There can be a substantial reduction in both operating costs and energy use in going from traditional stoves using commercially purchased fuelwood to improved biomass, gas or kerosene stoves. There are also opportunities to substitute high-performance biomass stoves for traditional ones or to substitute liquid or gas (fossil- or biomass-based) stoves for biomass stoves. Local variations in stove and fuel costs, availability, convenience and other attributes, and in consumer perceptions of stove performance, will then determine consumer choice.
In rural areas, biomass is likely to be the fuel for cooking for many years to come.
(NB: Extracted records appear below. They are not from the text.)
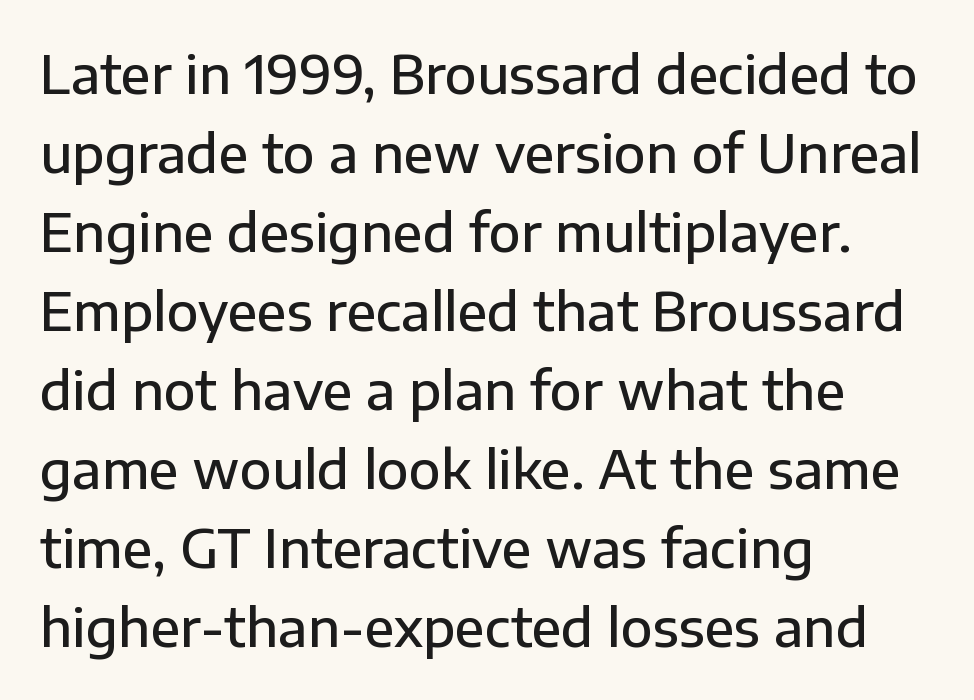
Q: Is the text bold? A: Semi-bold.
Q: Is the text italic (slanted)? A: No, it is upright.
Q: Is the typeface a serif or a sans-serif typeface? A: Sans-serif.
Q: Is the text underlined? A: No.
Q: How is the paragraph aligned? A: Left-aligned.
Q: Is the spacing between letters normal or unusually wide? A: Normal.
Q: Is the spacing between lines tight, normal or loose? A: Normal.
Q: Width (condensed, normal, or wide)? A: Normal.
Q: Stroke contrast? A: Low.
Q: x-height? A: Medium.
Q: Monospaced? A: No.
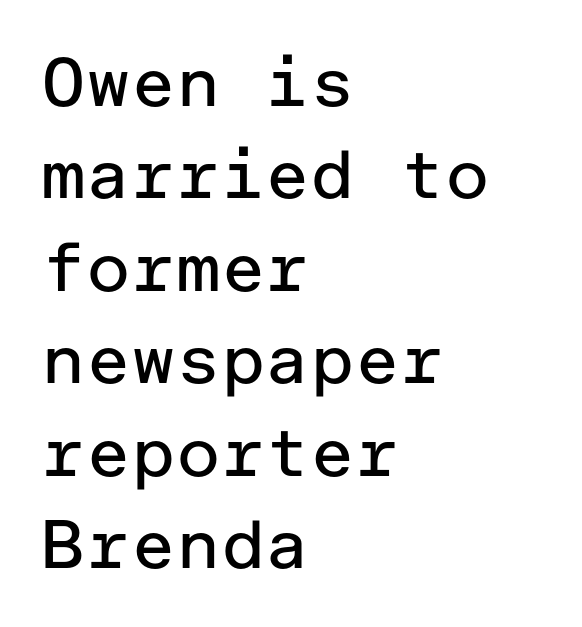
A classic flush-left, rag-right setting is used for this passage. Style check: upright. If you measured baseline to baseline, you'd find a middling distance. A clean baseline with only descenders dipping below it. Tracking value appears to be zero — textbook default spacing. I'd call this a sans setting — the letters go barefoot.

Alternatively, particularly in urban areas, liquid- or gas-fueled stoves offer the consumer greater convenience and performance at a reasonable cost.
From a national perspective, public policy can help shift consumers toward the more economically and environmentally promising cooking technologies. In particular, improved biomass stoves are likely the most cost-effective option for the near- to mid-term, but require significant additional work to improve their performance.
In the long term, the transition to high quality liquid and gas fuels for cooking is inexorable. With this transition, substantial amounts of labour now expended to gather biomass fuels in rural areas could be freed; the time and attention needed to cook using biomass fuels could be substantially reduced; and household, local and regional air pollution from smoky biomass (or coal) fires could be largely eliminated. The use of biomass-derived liquid or gaseous fuels (e.g., ethanol, biogas, producer gas) for cooking and other advanced options are particularly relevant.